Overview: In this lab exercise, you will explore associations between two continuous variables.
Objectives: At the end of this lab you will be able to:
Create a subdirectory named Lab 9 in the
PUBHBIO 2210 Labs directory you created in your OneDrive
folder in Lab 1.
Download the four lab files from Carmen while in the RStudio server:
lab-09-regression-blank.htmllab-09-regression-blank.Rmdlab-09-regression-worksheet-blank.docxnhanes.RDataIf you have not downloaded all of these files, do so now.
Save the four downloaded files in the
PUBHBIO 2210 Labs/Lab 9 directory (i.e., save the
downloaded files in the Lab 9 directory or folder created).
When working on labs, it is important to keep all related files in the
same directory.
Change the author and date information in the lab header.
Load and print the prepared dataset from nhanes.RData.
Recall labs 1 and 2 on how to load .RData file and
print.
# Enter code here
load("nhanes.RData")
print(nhanes)
## # A tibble: 100 × 33
## id race ethnicity sex age familySize urban region
## <int> <fct> <fct> <fct> <int> <int> <fct> <fct>
## 1 1 black not hispanic fema… 56 1 metr… midwe…
## 2 2 white not hispanic fema… 73 1 other west
## 3 3 white not hispanic fema… 25 2 metr… south
## 4 4 white mexican-ameri… fema… 53 2 other south
## 5 5 white mexican-ameri… fema… 68 2 other south
## 6 6 white not hispanic fema… 44 3 other west
## 7 7 black not hispanic fema… 28 2 metr… south
## 8 8 white not hispanic male 74 2 other midwe…
## 9 9 white not hispanic fema… 65 1 other north…
## 10 10 white other hispanic fema… 61 3 metr… west
## # ℹ 90 more rows
## # ℹ 25 more variables: pir <dbl>, yrsEducation <int>,
## # maritalStatus <fct>, healthStatus <ord>, heightInSelf <int>,
## # weightLbSelf <int>, beer <int>, wine <int>, liquor <int>,
## # everSmoke <fct>, smokeNow <fct>, active <ord>, SBP <int>,
## # DBP <int>, weightKg <dbl>, heightCm <dbl>, waist <dbl>,
## # tricep <dbl>, thigh <dbl>, BMD <dbl>, RBC <dbl>, …
In this lab we will investigate which physiological measurements are
associated with age. The two measurements we will consider are bone
mineral density (BMD; units=gm/cm\(^2\)) and red blood cell count
(RBC; unitless)
The first step in investigating associations should always be to make a plot. To look at the relationship between two continuous variables we need a scatterplot.
We will first produce a scatterplot of BMD and
RBC by age using the gf_point()
command.
For example,
# Not evaluated
gf_point(weight ~ height, data = nhanes)
will produce a scatterplot of weight (y-variable or
dependent variable) versus height (x-variable or
independent variable).
In the code chunk below, produce the scatterplot for BMD
versus age.
# Enter code here
gf_point(BMD ~ age, data = nhanes)
## Warning: Removed 32 rows containing missing values or values outside the
## scale range (`geom_point()`).
We get a warning that 32 rows containing missing values have been
removed. In this case, that means rows with missing values of
BMD. This warning won’t hurt the plot, but we could get rid
of it by filtering out subjects with missing values of BMD
or age.
For example,
# Not evaluated
gf_point(weight ~ height,
data = mydata %>% filter(!is.na(weight), !is.na(height)))

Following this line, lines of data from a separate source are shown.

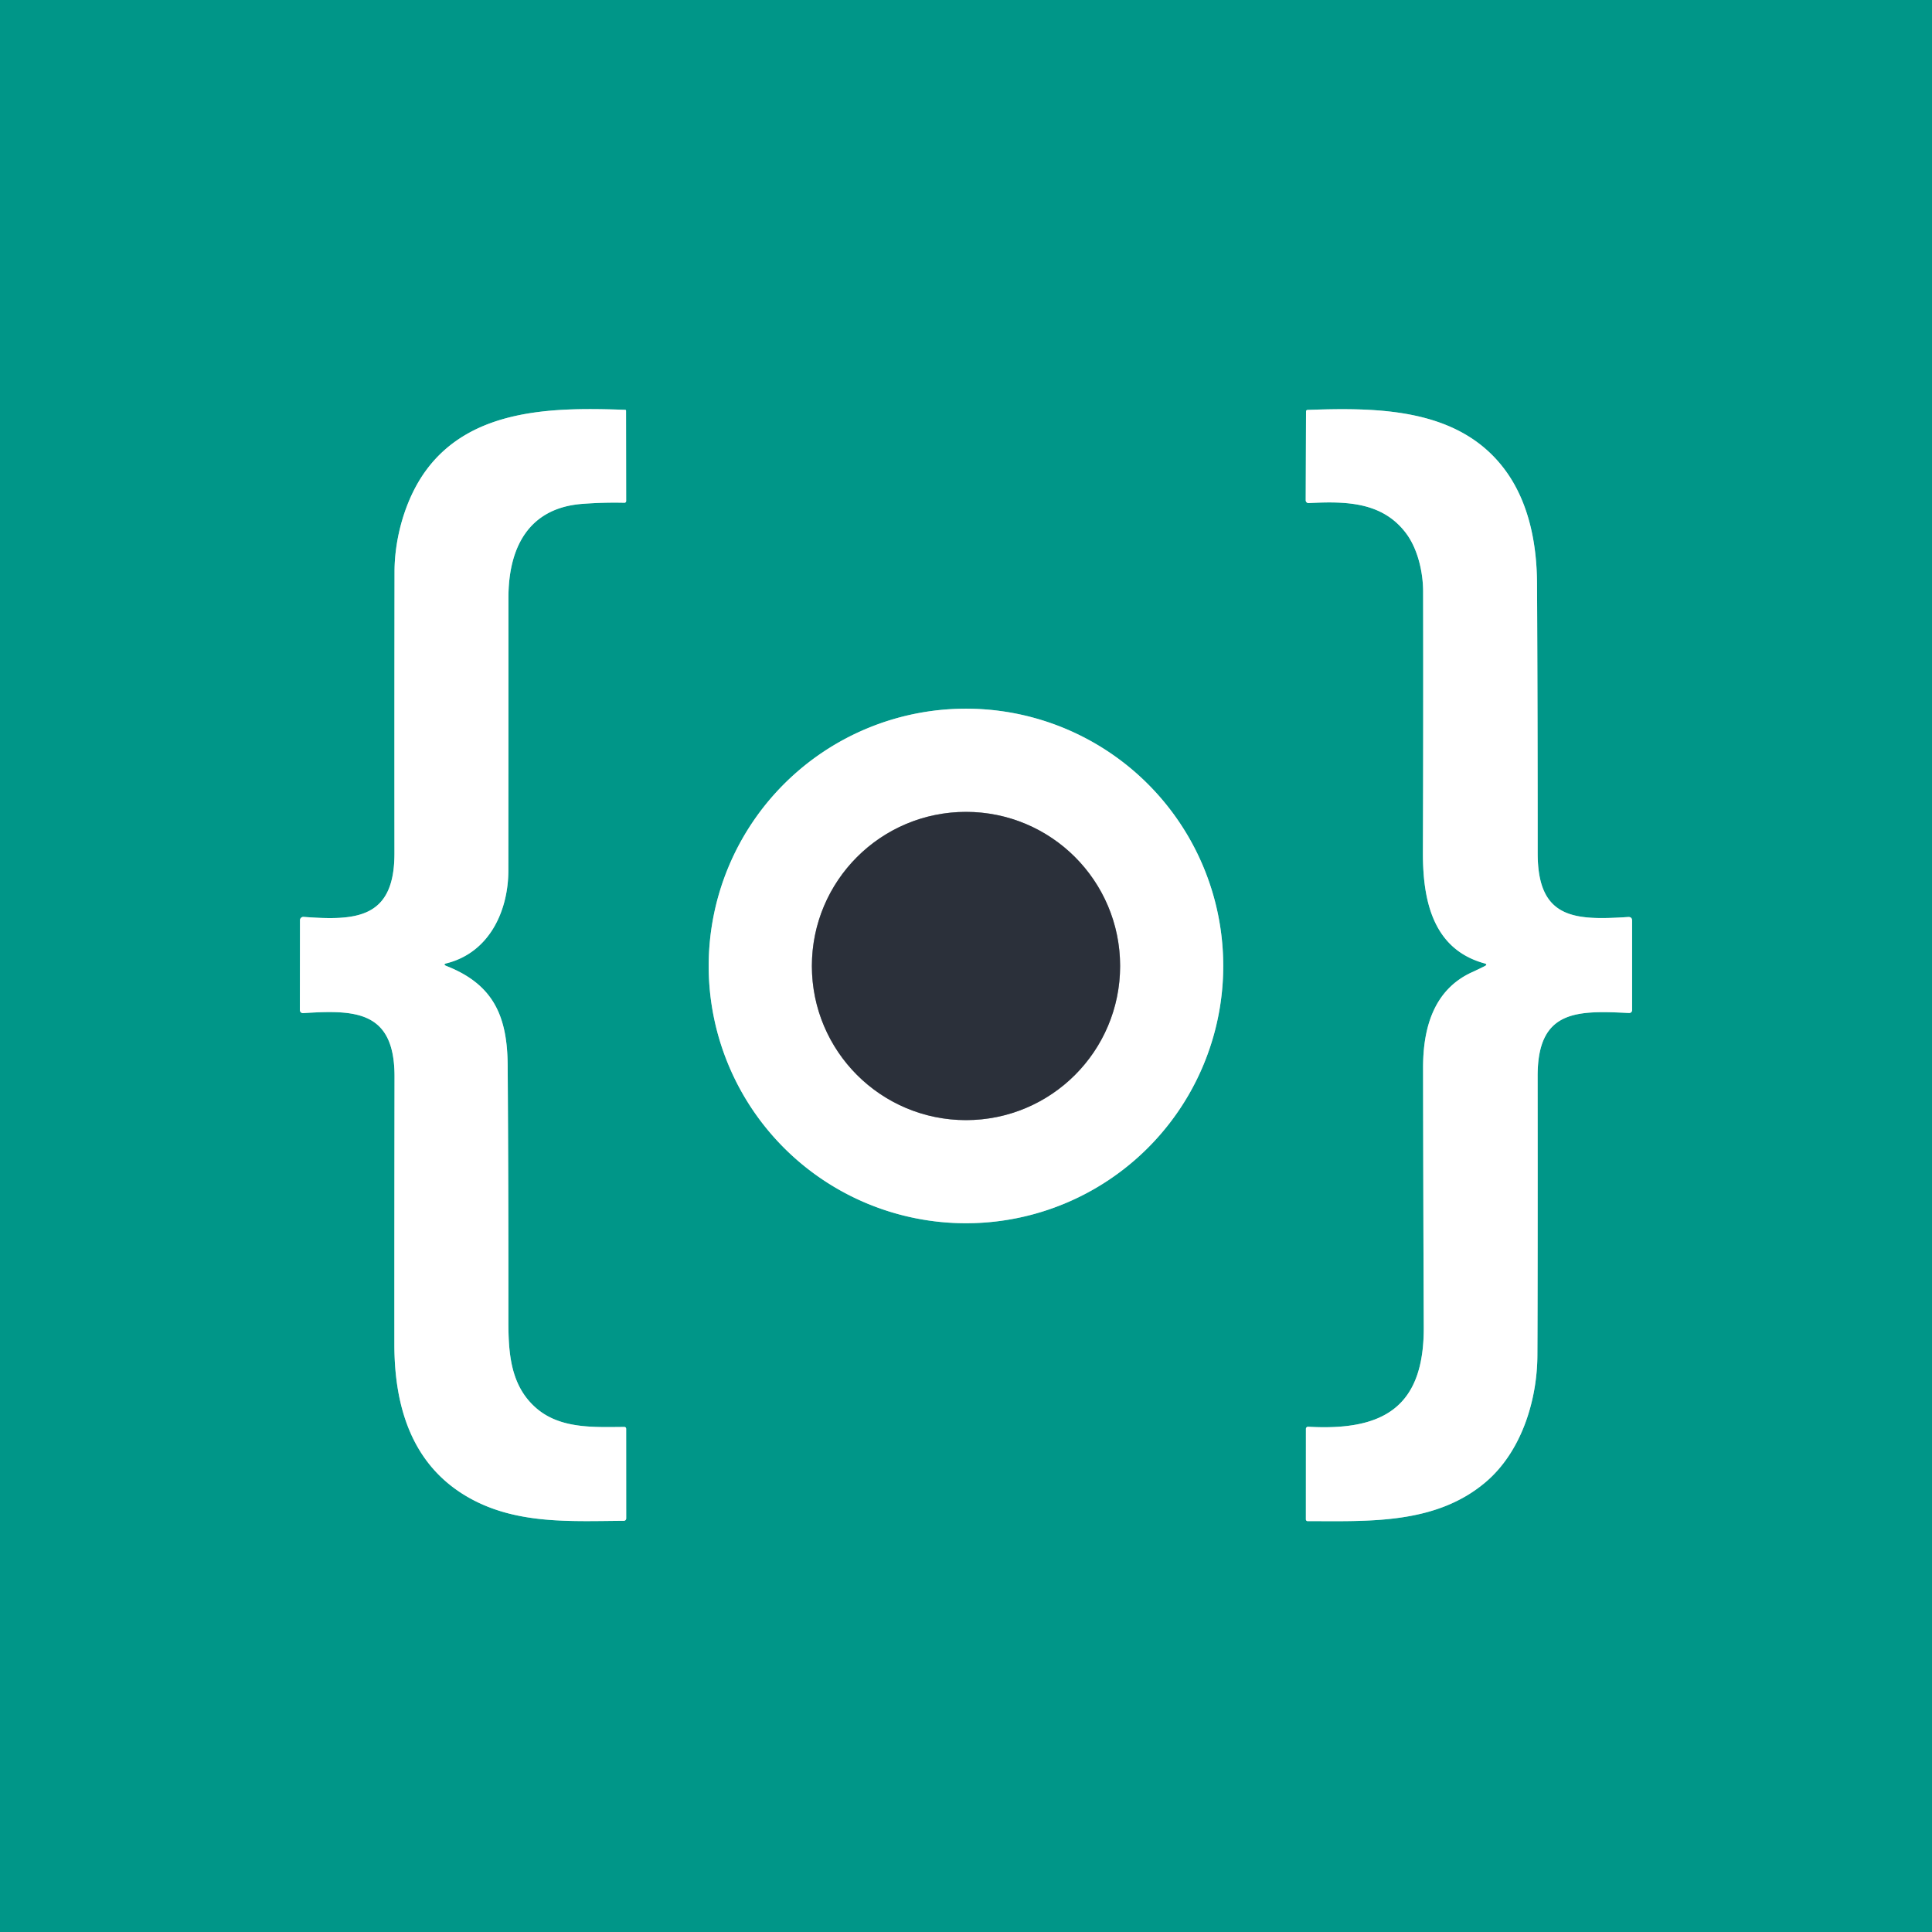 <svg viewBox="0.00 0.00 480.00 480.00" version="1.1" xmlns="http://www.w3.org/2000/svg">
<rect x="0.00" y="0.00" width="480.00" height="480.00" fill="#808080" stroke="none"/>
<g stroke-linecap="butt" fill="none" stroke-width="2.00">
<path d="M 110.95 240.01
  Q 109.90 239.60 110.99 239.32
  C 121.54 236.64 126.29 226.39 126.30 216.25
  Q 126.33 182.37 126.32 148.48
  C 126.32 136.15 131.26 126.22 144.64 125.19
  Q 149.95 124.78 155.14 124.91
  A 0.43 0.42 -89.3 0 0 155.57 124.48
  L 155.54 102.02
  A 0.21 0.20 1.5 0 0 155.34 101.82
  C 138.14 101.22 117.19 101.20 105.73 117.03
  C 100.68 124.00 98.03 133.68 98.02 142.00
  Q 97.97 177.00 98.00 212.00
  C 98.01 228.26 88.49 228.77 75.43 227.80
  A 0.84 0.83 2.2 0 0 74.53 228.63
  L 74.50 250.95
  A 0.76 0.76 0.0 0 0 75.31 251.71
  C 88.19 250.88 98.05 251.02 98.02 267.50
  Q 97.97 300.75 97.98 334.00
  C 97.98 349.73 102.45 364.22 116.61 372.16
  C 128.49 378.83 142.11 377.90 155.00 377.84
  A 0.59 0.59 0.0 0 0 155.58 377.25
  L 155.57 355.02
  Q 155.57 354.52 155.07 354.52
  C 147.49 354.58 139.23 355.01 133.28 349.89
  C 126.92 344.41 126.30 336.48 126.31 328.25
  Q 126.34 296.50 126.13 264.75
  C 126.05 252.60 122.70 244.64 110.95 240.01" stroke="#80cbc4"></path>
<path d="M 368.79 239.34
  Q 369.72 239.60 368.86 240.04
  Q 367.47 240.74 365.73 241.54
  C 356.13 245.91 353.55 255.55 353.56 265.25
  Q 353.60 297.50 353.73 329.75
  C 353.81 349.65 343.65 355.53 325.01 354.47
  A 0.53 0.53 0.0 0 0 324.45 355.00
  L 324.44 377.48
  A 0.43 0.43 0.0 0 0 324.87 377.92
  C 339.87 377.91 356.59 378.83 369.07 368.26
  C 377.99 360.70 381.90 347.96 381.96 336.75
  Q 382.06 317.87 382.02 267.34
  C 382.00 250.85 391.75 251.03 404.74 251.68
  A 0.71 0.71 0.0 0 0 405.49 250.97
  L 405.49 228.76
  Q 405.49 227.77 404.50 227.83
  C 391.26 228.67 382.03 228.41 382.03 212.00
  Q 382.04 178.50 381.87 145.00
  C 381.82 135.08 379.85 124.71 373.85 116.66
  C 362.41 101.32 342.31 101.23 324.91 101.84
  Q 324.48 101.85 324.48 102.28
  L 324.40 124.29
  A 0.70 0.70 0.0 0 0 325.14 124.99
  C 334.22 124.52 343.38 124.60 349.31 132.46
  C 352.24 136.34 353.57 142.17 353.57 147.00
  Q 353.63 179.38 353.52 211.75
  C 353.48 223.44 355.86 235.78 368.79 239.34" stroke="#80cbc4"></path>
<path d="M 303.91 239.99
  A 63.92 63.92 0.0 0 0 239.99 176.07
  A 63.92 63.92 0.0 0 0 176.07 239.99
  A 63.92 63.92 0.0 0 0 239.99 303.91
  A 63.92 63.92 0.0 0 0 303.91 239.99" stroke="#80cbc4"></path>
<path d="M 278.29 240.00
  A 38.29 38.29 0.0 0 0 240.00 201.71
  A 38.29 38.29 0.0 0 0 201.71 240.00
  A 38.29 38.29 0.0 0 0 240.00 278.29
  A 38.29 38.29 0.0 0 0 278.29 240.00" stroke="#95989d"></path>
</g>
<path d="M 0.00 0.00
  L 480.00 0.00
  L 480.00 480.00
  L 0.00 480.00
  L 0.00 0.00
  Z
  M 110.95 240.01
  Q 109.90 239.60 110.99 239.32
  C 121.54 236.64 126.29 226.39 126.30 216.25
  Q 126.33 182.37 126.32 148.48
  C 126.32 136.15 131.26 126.22 144.64 125.19
  Q 149.95 124.78 155.14 124.91
  A 0.43 0.42 -89.3 0 0 155.57 124.48
  L 155.54 102.02
  A 0.21 0.20 1.5 0 0 155.34 101.82
  C 138.14 101.22 117.19 101.20 105.73 117.03
  C 100.68 124.00 98.03 133.68 98.02 142.00
  Q 97.97 177.00 98.00 212.00
  C 98.01 228.26 88.49 228.77 75.43 227.80
  A 0.84 0.83 2.2 0 0 74.53 228.63
  L 74.50 250.95
  A 0.76 0.76 0.0 0 0 75.31 251.71
  C 88.19 250.88 98.05 251.02 98.02 267.50
  Q 97.97 300.75 97.98 334.00
  C 97.98 349.73 102.45 364.22 116.61 372.16
  C 128.49 378.83 142.11 377.90 155.00 377.84
  A 0.59 0.59 0.0 0 0 155.58 377.25
  L 155.57 355.02
  Q 155.57 354.52 155.07 354.52
  C 147.49 354.58 139.23 355.01 133.28 349.89
  C 126.92 344.41 126.30 336.48 126.31 328.25
  Q 126.34 296.50 126.13 264.75
  C 126.05 252.60 122.70 244.64 110.95 240.01
  Z
  M 368.79 239.34
  Q 369.72 239.60 368.86 240.04
  Q 367.47 240.74 365.73 241.54
  C 356.13 245.91 353.55 255.55 353.56 265.25
  Q 353.60 297.50 353.73 329.75
  C 353.81 349.65 343.65 355.53 325.01 354.47
  A 0.53 0.53 0.0 0 0 324.45 355.00
  L 324.44 377.48
  A 0.43 0.43 0.0 0 0 324.87 377.92
  C 339.87 377.91 356.59 378.83 369.07 368.26
  C 377.99 360.70 381.90 347.96 381.96 336.75
  Q 382.06 317.87 382.02 267.34
  C 382.00 250.85 391.75 251.03 404.74 251.68
  A 0.71 0.71 0.0 0 0 405.49 250.97
  L 405.49 228.76
  Q 405.49 227.77 404.50 227.83
  C 391.26 228.67 382.03 228.41 382.03 212.00
  Q 382.04 178.50 381.87 145.00
  C 381.82 135.08 379.85 124.71 373.85 116.66
  C 362.41 101.32 342.31 101.23 324.91 101.84
  Q 324.48 101.85 324.48 102.28
  L 324.40 124.29
  A 0.70 0.70 0.0 0 0 325.14 124.99
  C 334.22 124.52 343.38 124.60 349.31 132.46
  C 352.24 136.34 353.57 142.17 353.57 147.00
  Q 353.63 179.38 353.52 211.75
  C 353.48 223.44 355.86 235.78 368.79 239.34
  Z
  M 303.91 239.99
  A 63.92 63.92 0.0 0 0 239.99 176.07
  A 63.92 63.92 0.0 0 0 176.07 239.99
  A 63.92 63.92 0.0 0 0 239.99 303.91
  A 63.92 63.92 0.0 0 0 303.91 239.99
  Z" fill="#009688"></path>
<path d="M 110.95 240.01
  C 122.70 244.64 126.05 252.60 126.13 264.75
  Q 126.34 296.50 126.31 328.25
  C 126.30 336.48 126.92 344.41 133.28 349.89
  C 139.23 355.01 147.49 354.58 155.07 354.52
  Q 155.57 354.52 155.57 355.02
  L 155.58 377.25
  A 0.59 0.59 0.0 0 1 155.00 377.84
  C 142.11 377.90 128.49 378.83 116.61 372.16
  C 102.45 364.22 97.98 349.73 97.98 334.00
  Q 97.97 300.75 98.02 267.50
  C 98.05 251.02 88.19 250.88 75.31 251.71
  A 0.76 0.76 0.0 0 1 74.50 250.95
  L 74.53 228.63
  A 0.84 0.83 2.2 0 1 75.43 227.80
  C 88.49 228.77 98.01 228.26 98.00 212.00
  Q 97.97 177.00 98.02 142.00
  C 98.03 133.68 100.68 124.00 105.73 117.03
  C 117.19 101.20 138.14 101.22 155.34 101.82
  A 0.21 0.20 1.5 0 1 155.54 102.02
  L 155.57 124.48
  A 0.43 0.42 -89.3 0 1 155.14 124.91
  Q 149.95 124.78 144.64 125.19
  C 131.26 126.22 126.32 136.15 126.32 148.48
  Q 126.33 182.37 126.30 216.25
  C 126.29 226.39 121.54 236.64 110.99 239.32
  Q 109.90 239.60 110.95 240.01
  Z" fill="#ffffff"></path>
<path d="M 368.79 239.34
  C 355.86 235.78 353.48 223.44 353.52 211.75
  Q 353.63 179.38 353.57 147.00
  C 353.57 142.17 352.24 136.34 349.31 132.46
  C 343.38 124.60 334.22 124.52 325.14 124.99
  A 0.70 0.70 0.0 0 1 324.40 124.29
  L 324.48 102.28
  Q 324.48 101.85 324.91 101.84
  C 342.31 101.23 362.41 101.32 373.85 116.66
  C 379.85 124.71 381.82 135.08 381.87 145.00
  Q 382.04 178.50 382.03 212.00
  C 382.03 228.41 391.26 228.67 404.50 227.83
  Q 405.49 227.77 405.49 228.76
  L 405.49 250.97
  A 0.71 0.71 0.0 0 1 404.74 251.68
  C 391.75 251.03 382.00 250.85 382.02 267.34
  Q 382.06 317.87 381.96 336.75
  C 381.90 347.96 377.99 360.70 369.07 368.26
  C 356.59 378.83 339.87 377.91 324.87 377.92
  A 0.43 0.43 0.0 0 1 324.44 377.48
  L 324.45 355.00
  A 0.53 0.53 0.0 0 1 325.01 354.47
  C 343.65 355.53 353.81 349.65 353.73 329.75
  Q 353.60 297.50 353.56 265.25
  C 353.55 255.55 356.13 245.91 365.73 241.54
  Q 367.47 240.74 368.86 240.04
  Q 369.72 239.60 368.79 239.34
  Z" fill="#ffffff"></path>
<path d="M 303.91 239.99
  A 63.92 63.92 0.0 0 1 239.99 303.91
  A 63.92 63.92 0.0 0 1 176.07 239.99
  A 63.92 63.92 0.0 0 1 239.99 176.07
  A 63.92 63.92 0.0 0 1 303.91 239.99
  Z
  M 278.29 240.00
  A 38.29 38.29 0.0 0 0 240.00 201.71
  A 38.29 38.29 0.0 0 0 201.71 240.00
  A 38.29 38.29 0.0 0 0 240.00 278.29
  A 38.29 38.29 0.0 0 0 278.29 240.00
  Z" fill="#ffffff"></path>
<circle r="38.29" cy="240.00" cx="240.00" fill="#2b303a"></circle>
</svg>

will remove subjects with missing values of weight or
height. Thus, the above command would produce a scatterplot
for weight versus height with no warnings
(i.e., with no missing values of weight and/or
height).
In the code chucnk below, create the scatterplot for BMD
versus age with no warnings (i.e., with no missing values
of BMD and/or age).
# Enter code here
gf_point(BMD ~ age, data = nhanes %>% filter(!is.na(BMD), !is.na(age)))
In the code chunk below, produce the scatterplot for RBC
versus age.
# Enter code here
gf_point(RBC ~ age, data = nhanes)
## Warning: Removed 8 rows containing missing values or values outside the
## scale range (`geom_point()`).
We get a warning that 8 rows containing missing values have been
removed. In this case, that means rows with missing values of
RBC.
In the code chucnk below, create the scatterplot for RBC
versus age with no warnings (i.e., with no missing values
of RBC and/or age).
# Enter code here
gf_point(RBC ~ age, data = nhanes %>% filter(!is.na(RBC), !is.na(age)))
Note that if a subject is missing a value for one or both variables he/she will not be included in that scatterplot. So, even though there are 100 people in our data set, there might not be 100 points on the scatterplot.
Before we proceed, let us look at summary statistics such as means
for BMD and age. The favstats()
command provides several statistical summaries, and removes missing data
automatically.
For example,
# Not evaluated
favstats( ~ weight, data = mydata)
favstats( ~ height, data = mydata)
will remove subjects with missing values of weight or
height, then provide statistical summaries for
weight and height.
In the code chunk below, produce the statistical summaries for
BMD and age.
# Enter code here
favstats(~ BMD, data = nhanes)
## min Q1 median Q3 max mean sd n missing
## 0.358 0.8075 0.901 1.051 1.26 0.9028824 0.188168 68 32
favstats(~ age, data = nhanes)
## min Q1 median Q3 max mean sd n missing
## 17 34.75 48.5 70.25 90 51.43 21.52858 100 0
Under the heading “n” is the number of people who have age and BMD measurements. Since no patients had missing ages, and 32 patients had missing BMD measurements, we know that 68 out of the 100 people had both age and BMD. Hence, there are 68 points on the scatterplot.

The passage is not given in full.